The head of the European peacekeeping corps in eastern Ukraine has reiterated the importance of withdrawing heavy weapons from the front line of conflict.
"The intensity of hostilities is much, … too much. And what we want to see is really the withdrawal of the heavy weapons and we have very little evidence that this is taking place," said Lamberto Zannier, the Secretary General of the Organization for Security and Cooperation in Europe (OSCE), which monitors the conflict in eastern Ukraine.
On February 11, 2015, at a summit in the city of Minsk, Belarus, a peace deal was brokered by Russia, Germany and France, in which Kiev and pro-Russia forces agreed on a package of measures to alleviate the ongoing war in eastern Ukraine.

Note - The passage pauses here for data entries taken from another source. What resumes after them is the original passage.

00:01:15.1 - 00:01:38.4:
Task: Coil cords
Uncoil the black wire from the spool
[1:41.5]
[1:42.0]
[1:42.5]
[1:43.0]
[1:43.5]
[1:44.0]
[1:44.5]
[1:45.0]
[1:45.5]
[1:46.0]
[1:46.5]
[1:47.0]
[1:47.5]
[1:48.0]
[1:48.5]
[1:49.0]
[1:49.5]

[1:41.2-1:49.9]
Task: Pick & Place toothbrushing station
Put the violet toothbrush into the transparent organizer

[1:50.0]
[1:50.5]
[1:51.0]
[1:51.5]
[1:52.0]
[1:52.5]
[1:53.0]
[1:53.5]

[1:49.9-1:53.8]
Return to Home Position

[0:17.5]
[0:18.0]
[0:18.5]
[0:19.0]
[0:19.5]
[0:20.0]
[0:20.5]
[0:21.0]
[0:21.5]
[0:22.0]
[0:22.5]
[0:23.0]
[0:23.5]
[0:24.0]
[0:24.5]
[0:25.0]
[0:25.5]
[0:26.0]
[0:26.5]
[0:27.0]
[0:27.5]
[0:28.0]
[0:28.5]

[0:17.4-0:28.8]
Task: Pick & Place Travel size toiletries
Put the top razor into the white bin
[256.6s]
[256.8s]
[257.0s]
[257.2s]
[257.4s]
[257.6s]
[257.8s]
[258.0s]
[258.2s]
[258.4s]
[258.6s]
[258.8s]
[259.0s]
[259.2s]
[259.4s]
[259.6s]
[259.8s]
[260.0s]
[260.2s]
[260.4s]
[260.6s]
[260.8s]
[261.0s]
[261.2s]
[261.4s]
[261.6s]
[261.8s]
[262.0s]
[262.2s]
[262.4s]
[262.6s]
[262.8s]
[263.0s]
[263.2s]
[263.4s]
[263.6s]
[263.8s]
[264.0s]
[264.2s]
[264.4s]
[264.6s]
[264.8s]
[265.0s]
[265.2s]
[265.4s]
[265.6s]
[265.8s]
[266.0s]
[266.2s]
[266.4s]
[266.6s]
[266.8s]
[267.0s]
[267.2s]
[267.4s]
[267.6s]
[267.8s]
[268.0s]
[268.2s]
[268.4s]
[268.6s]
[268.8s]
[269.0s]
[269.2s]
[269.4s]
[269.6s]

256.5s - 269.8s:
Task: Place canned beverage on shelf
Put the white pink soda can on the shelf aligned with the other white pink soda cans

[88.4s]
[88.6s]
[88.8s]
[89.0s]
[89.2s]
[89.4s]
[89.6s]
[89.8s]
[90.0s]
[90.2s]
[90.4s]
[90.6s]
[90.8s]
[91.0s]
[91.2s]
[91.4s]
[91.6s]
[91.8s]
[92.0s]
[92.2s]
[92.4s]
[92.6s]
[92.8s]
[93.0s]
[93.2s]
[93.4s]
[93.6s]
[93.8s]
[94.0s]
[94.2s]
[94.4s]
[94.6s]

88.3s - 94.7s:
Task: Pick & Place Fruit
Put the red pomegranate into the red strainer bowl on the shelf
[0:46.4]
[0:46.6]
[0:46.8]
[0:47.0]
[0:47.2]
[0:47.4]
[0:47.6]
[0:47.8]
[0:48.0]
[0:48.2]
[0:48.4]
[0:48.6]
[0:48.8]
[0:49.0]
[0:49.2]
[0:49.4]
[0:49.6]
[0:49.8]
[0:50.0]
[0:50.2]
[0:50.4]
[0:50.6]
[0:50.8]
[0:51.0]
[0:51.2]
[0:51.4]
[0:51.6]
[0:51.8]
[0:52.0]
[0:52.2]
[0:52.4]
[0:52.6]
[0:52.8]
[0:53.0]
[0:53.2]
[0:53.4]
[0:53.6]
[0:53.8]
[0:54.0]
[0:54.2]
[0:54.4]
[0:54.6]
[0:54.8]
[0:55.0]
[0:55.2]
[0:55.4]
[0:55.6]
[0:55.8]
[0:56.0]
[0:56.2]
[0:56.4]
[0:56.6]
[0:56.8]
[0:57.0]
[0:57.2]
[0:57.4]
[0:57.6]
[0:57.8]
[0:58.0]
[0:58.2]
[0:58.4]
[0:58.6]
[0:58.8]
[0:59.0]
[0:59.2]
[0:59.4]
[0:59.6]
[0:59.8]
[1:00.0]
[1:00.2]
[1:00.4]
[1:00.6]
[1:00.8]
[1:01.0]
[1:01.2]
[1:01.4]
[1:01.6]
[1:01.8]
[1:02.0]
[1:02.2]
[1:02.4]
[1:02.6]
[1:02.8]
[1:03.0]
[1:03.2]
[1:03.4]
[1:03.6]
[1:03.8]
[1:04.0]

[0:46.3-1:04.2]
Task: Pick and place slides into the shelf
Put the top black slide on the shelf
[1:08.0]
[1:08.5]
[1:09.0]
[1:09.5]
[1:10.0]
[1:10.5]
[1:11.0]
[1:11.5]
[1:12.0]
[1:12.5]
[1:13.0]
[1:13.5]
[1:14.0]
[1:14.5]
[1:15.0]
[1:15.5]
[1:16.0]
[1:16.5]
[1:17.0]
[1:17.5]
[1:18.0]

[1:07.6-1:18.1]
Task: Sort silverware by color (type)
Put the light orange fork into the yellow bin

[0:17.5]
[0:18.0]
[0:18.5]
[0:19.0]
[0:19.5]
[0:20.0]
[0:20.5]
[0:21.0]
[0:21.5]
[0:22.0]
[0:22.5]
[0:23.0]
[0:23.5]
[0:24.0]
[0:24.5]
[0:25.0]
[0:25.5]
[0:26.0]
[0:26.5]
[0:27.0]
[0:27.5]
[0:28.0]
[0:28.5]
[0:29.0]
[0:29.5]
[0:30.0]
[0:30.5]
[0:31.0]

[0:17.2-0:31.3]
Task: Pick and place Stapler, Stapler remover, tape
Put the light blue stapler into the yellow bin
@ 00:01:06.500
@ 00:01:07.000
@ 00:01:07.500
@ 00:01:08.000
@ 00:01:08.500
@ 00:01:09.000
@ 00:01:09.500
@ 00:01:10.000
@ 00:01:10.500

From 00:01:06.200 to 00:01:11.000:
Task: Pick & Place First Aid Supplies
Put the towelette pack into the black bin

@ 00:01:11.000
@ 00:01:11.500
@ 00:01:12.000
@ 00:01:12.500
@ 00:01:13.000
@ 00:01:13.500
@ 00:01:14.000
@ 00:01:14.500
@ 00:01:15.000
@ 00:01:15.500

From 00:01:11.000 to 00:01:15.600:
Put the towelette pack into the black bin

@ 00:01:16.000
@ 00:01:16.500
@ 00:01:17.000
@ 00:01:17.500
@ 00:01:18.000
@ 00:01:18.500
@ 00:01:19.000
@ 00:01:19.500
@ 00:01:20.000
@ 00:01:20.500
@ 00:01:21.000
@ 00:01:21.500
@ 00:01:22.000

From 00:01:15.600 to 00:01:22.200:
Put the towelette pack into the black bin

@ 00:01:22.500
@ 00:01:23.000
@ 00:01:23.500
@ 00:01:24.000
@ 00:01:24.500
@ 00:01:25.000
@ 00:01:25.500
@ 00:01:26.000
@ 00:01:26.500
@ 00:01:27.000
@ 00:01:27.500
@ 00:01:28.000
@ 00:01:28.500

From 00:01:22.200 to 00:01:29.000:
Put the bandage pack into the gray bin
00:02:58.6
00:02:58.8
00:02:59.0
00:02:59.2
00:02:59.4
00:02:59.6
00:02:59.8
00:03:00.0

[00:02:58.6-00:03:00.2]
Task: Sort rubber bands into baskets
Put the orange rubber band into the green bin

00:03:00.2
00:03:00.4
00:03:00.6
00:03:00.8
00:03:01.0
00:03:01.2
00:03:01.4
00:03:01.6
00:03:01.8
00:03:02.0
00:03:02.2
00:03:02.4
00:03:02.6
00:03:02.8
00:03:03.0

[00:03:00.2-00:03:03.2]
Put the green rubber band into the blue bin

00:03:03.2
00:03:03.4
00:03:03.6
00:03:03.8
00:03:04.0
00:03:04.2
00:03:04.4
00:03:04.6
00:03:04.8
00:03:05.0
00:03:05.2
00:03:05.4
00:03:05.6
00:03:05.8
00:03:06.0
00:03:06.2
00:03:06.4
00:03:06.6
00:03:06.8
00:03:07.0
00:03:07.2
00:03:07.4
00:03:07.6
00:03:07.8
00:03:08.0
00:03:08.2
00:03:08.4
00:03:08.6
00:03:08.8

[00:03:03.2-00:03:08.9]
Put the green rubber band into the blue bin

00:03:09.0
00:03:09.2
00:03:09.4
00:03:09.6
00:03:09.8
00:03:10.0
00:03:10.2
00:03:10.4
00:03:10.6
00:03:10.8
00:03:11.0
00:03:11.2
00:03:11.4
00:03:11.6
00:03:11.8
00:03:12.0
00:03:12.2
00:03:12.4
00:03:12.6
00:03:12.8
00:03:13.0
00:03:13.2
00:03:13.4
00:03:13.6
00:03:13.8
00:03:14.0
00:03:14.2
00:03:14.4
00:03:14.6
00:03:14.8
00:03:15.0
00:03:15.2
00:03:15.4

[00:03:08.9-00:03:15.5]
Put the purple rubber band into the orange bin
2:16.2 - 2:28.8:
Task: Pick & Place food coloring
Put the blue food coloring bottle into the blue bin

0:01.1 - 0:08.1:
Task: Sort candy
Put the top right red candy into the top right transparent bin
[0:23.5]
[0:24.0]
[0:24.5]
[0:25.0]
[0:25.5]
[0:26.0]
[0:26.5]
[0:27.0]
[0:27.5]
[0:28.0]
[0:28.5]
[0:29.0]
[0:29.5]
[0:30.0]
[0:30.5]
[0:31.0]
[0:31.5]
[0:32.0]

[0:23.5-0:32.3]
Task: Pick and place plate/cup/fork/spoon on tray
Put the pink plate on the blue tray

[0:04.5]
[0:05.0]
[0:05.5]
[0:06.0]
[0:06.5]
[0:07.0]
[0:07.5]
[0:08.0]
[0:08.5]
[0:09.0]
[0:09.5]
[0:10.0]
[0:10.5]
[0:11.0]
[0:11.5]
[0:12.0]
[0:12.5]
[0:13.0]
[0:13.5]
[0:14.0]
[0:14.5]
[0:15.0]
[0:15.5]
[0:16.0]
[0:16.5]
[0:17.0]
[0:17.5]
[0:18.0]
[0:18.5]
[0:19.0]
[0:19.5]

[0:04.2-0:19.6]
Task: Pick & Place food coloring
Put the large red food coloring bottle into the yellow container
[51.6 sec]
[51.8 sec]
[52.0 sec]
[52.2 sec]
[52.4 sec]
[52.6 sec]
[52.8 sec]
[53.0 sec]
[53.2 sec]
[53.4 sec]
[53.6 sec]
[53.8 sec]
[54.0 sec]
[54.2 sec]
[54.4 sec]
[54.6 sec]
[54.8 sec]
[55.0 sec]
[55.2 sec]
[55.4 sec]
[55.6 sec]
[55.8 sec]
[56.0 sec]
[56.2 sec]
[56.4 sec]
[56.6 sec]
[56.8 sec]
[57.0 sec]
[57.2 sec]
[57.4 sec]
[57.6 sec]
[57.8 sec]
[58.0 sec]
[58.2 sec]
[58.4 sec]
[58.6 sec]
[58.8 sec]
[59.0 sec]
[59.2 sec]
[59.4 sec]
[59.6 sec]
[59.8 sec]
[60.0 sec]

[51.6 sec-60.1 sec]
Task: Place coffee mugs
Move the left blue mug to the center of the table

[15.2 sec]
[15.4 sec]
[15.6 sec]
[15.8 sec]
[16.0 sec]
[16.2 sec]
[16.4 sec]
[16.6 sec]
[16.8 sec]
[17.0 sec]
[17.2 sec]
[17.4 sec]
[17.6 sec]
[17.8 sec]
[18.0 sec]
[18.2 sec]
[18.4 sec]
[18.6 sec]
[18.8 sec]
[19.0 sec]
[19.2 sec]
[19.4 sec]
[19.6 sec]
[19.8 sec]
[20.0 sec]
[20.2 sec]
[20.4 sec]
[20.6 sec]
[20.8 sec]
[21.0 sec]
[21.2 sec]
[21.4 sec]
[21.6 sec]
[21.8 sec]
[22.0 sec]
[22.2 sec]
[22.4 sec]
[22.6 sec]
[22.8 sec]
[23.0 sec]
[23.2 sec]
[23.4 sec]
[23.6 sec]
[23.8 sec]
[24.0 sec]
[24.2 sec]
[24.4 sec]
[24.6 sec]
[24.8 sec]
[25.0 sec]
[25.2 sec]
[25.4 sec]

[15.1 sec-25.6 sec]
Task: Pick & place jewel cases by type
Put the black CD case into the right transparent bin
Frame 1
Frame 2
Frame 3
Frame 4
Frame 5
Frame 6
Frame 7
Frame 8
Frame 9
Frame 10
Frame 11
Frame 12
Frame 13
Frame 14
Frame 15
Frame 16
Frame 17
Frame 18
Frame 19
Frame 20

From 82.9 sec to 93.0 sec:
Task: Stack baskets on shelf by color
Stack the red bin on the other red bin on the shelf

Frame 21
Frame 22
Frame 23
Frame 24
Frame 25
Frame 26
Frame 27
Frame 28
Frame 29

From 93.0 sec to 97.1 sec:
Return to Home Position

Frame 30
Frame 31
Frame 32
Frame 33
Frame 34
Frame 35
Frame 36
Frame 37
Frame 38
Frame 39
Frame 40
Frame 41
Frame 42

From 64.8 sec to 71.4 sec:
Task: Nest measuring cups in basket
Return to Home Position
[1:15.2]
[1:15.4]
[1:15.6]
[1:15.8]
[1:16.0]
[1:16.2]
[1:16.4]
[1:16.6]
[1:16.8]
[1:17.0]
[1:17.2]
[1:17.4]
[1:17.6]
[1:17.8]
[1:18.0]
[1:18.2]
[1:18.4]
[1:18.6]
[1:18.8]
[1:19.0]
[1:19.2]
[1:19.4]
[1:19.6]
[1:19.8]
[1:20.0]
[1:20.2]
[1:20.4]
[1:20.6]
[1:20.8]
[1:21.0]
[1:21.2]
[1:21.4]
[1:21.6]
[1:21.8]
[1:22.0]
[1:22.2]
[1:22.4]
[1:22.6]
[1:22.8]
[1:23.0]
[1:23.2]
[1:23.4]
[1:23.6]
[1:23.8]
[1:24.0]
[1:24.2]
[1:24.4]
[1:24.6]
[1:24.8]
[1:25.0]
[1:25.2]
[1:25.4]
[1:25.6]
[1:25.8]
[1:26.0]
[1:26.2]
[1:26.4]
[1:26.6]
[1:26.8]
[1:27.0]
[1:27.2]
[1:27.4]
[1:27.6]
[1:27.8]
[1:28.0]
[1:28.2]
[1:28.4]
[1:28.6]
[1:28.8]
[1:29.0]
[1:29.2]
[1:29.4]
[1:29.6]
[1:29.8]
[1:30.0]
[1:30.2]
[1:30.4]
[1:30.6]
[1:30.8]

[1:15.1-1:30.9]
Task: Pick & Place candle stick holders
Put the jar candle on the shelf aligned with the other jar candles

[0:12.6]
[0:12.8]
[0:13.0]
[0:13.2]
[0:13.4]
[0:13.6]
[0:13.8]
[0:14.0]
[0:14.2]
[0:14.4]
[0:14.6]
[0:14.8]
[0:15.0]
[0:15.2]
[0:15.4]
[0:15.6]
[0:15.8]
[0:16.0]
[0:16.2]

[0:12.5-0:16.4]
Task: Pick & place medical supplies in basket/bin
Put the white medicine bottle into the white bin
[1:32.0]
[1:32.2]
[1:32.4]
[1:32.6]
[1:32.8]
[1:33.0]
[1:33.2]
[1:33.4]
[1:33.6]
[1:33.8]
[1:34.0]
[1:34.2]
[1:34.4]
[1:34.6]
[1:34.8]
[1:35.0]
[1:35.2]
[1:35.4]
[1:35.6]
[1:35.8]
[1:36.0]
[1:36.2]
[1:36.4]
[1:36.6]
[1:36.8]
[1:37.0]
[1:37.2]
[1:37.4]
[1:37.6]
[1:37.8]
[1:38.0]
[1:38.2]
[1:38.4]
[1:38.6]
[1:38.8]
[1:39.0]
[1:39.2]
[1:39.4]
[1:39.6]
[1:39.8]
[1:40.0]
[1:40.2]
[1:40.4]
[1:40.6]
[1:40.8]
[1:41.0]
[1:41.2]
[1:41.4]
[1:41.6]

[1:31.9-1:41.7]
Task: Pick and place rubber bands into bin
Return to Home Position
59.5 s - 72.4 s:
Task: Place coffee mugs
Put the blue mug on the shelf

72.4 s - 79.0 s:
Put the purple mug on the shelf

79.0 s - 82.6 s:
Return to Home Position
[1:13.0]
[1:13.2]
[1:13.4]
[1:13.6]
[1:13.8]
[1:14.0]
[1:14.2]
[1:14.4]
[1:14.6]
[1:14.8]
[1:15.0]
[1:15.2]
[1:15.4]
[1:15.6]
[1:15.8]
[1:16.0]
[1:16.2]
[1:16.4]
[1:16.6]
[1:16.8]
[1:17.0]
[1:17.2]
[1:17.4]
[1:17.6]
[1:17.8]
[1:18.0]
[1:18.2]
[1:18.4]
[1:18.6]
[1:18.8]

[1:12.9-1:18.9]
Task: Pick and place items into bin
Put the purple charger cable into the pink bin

"[T]here was a line that was somehow defined in Minsk but that line doesn't really correspond to what is on the ground, because there have been movements. And there are some who say we should return to that line, but of course this becomes complicated," Zannier said in an interview on Friday.
Zannier called on both sides of the conflict to move back from positions established at the time of the Minsk accord in early 2015.
A week-long surge at the end of January and start of February saw the heaviest shelling in two years, refocusing global attention on the ongoing conflict, which has strained relations between Russia and the West to the worst degree since the Cold War era.
The three-year conflict in eastern Ukraine has left about 10,000 fatalities and over 21,000 people injured, according to UN figures.